The Ebola outbreak has brought home how vital the need is for skilled, frontline healthcare workers. How can business, government and NGOs work together to swell their numbers?

Frontline health staff, such as community health workers and midwives, are the backbone of resilient, responsive health systems in developing countries. Skilled in dealing with everyday health challenges, including malaria and malnutrition, they can reach patients in even the most remote areas, helping them get the care and treatment they need.

But there are simply not enough of them. The World Health Organization estimates a global shortage of about 7.2 million health workers, and that is projected to grow to 12.9 million over the next two decades as populations expand.

A dearth of these essential workers can leave health systems vulnerable to shocks – as the Ebola outbreak in west Africa has so painfully illustrated.
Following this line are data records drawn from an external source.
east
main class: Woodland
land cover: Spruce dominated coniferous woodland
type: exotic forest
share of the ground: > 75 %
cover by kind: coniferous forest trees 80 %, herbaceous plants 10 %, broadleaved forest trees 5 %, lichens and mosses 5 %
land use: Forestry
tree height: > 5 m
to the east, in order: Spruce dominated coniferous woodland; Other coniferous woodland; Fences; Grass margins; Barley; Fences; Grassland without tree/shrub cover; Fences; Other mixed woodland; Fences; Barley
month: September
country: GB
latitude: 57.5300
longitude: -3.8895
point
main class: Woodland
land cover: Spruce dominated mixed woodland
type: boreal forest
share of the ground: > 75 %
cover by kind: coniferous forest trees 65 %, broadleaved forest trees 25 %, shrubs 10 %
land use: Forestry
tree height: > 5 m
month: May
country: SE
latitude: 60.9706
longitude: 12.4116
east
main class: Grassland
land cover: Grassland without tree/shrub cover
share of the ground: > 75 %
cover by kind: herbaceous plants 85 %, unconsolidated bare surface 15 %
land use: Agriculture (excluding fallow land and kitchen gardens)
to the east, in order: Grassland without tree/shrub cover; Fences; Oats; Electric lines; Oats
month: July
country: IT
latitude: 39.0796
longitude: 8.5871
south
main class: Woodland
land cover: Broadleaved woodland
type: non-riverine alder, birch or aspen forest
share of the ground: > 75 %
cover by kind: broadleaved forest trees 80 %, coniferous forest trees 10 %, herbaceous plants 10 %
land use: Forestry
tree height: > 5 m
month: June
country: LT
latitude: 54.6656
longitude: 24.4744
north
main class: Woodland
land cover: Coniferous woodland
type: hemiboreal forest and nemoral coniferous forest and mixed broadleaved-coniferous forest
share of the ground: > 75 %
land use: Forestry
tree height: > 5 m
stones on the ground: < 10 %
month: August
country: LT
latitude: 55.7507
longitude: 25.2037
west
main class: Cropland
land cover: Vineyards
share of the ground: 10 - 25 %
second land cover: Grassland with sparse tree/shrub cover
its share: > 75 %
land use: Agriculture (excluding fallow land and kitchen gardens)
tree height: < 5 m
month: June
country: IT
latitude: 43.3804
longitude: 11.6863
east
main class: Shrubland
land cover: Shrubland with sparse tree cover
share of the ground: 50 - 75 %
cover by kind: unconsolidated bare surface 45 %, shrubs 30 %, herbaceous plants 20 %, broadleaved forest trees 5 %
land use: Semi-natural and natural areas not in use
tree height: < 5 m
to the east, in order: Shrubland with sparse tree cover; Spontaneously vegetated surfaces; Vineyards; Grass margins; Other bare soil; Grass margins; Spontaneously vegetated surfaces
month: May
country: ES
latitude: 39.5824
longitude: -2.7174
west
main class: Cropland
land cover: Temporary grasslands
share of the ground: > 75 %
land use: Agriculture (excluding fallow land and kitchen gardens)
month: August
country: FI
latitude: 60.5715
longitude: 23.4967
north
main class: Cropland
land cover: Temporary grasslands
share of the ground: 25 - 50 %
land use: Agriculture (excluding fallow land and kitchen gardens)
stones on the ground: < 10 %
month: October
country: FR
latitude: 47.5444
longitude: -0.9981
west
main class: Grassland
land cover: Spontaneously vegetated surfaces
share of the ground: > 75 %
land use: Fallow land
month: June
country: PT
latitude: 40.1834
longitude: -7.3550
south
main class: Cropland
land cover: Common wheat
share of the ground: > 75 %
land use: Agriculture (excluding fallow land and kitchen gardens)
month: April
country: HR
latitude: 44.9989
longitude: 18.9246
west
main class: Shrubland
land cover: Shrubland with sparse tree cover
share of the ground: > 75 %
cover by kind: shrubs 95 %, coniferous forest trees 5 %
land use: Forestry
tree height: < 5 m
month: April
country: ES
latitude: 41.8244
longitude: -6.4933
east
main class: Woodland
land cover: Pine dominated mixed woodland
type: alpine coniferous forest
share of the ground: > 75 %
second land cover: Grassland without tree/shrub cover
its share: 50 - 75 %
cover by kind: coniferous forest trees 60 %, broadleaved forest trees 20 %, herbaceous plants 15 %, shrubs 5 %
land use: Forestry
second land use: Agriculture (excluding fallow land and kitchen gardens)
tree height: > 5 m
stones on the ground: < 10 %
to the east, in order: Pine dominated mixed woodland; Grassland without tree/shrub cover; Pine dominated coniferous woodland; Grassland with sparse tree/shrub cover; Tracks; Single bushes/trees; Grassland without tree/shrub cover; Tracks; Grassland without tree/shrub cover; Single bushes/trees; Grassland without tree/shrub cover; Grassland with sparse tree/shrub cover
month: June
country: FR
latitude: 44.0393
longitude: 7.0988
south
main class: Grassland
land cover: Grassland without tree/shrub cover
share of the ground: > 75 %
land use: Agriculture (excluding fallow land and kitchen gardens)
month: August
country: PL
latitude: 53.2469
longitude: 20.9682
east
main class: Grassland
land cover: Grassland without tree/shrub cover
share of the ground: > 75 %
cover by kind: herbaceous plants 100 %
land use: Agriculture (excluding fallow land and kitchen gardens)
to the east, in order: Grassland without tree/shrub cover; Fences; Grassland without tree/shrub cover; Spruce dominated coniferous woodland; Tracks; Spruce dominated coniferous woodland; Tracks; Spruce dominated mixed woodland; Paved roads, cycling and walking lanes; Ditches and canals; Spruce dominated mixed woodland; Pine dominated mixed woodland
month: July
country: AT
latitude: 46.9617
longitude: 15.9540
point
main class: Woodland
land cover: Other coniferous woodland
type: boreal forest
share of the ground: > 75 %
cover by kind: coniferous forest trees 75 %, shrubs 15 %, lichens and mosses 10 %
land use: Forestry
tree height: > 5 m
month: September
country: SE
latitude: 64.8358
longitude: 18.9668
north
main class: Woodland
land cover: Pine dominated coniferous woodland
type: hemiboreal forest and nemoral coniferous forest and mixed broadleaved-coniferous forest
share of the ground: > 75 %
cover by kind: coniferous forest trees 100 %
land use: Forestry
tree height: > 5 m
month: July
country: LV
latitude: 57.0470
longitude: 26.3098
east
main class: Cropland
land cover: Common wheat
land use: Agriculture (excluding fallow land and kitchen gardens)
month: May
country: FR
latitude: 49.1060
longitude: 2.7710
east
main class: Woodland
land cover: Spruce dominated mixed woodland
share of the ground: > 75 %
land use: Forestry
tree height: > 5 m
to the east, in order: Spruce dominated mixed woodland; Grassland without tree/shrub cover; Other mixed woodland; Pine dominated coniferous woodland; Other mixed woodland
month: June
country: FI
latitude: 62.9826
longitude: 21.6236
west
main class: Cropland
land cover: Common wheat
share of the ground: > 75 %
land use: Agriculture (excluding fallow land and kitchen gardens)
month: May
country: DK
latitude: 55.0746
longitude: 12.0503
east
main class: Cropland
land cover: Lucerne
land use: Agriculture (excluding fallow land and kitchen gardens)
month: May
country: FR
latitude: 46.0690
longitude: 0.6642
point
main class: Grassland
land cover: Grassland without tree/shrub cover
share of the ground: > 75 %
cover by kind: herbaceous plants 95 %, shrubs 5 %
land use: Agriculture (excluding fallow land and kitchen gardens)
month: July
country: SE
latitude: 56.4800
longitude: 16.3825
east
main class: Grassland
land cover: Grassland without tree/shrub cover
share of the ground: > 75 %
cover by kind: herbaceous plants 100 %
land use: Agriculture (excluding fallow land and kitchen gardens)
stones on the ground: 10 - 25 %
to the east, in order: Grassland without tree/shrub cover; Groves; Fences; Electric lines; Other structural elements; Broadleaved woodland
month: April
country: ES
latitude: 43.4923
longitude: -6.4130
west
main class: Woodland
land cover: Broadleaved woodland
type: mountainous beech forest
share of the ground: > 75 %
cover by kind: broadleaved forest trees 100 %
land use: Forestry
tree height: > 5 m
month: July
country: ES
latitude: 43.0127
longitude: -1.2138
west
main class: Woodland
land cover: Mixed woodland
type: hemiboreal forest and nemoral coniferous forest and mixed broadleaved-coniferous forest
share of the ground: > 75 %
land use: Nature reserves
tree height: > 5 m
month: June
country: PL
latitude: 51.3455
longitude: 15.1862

Many health workers lost their lives to the epidemic and the sudden demands of managing Ebola left clinics and hospitals unable to sustain their usual levels of care for diseases such as malaria.

Swelling the ranks of frontline health workers can strengthen health systems, enabling them to anticipate, prevent and manage healthcare needs. Not only does this help keep communities healthy, but it can help them to thrive economically too, with more people able to go to work and school.

Businesses are looking for innovative ways to support health worker training. Healthcare company GSK is reinvesting 20% of profits made in least-developed countries back into supporting the training of health workers in those countries along with three NGOs: Amref Health Africa, Care International and Save the Children. And as part of a broader five-year strategic partnership, GSK and Save the Children are working together to strengthen health systems by developing child-friendly medicines, engaging in proactive disaster relief, and advocating universal health coverage.

So what are the best ways to increase the number of frontline health workers? What role should the government play in supporting the training and development of frontline health workers? How can the public and private sector, and NGOs, work in partnership to support them? And what is the interconnection between a strong health system and sufficient numbers of well-trained health workers?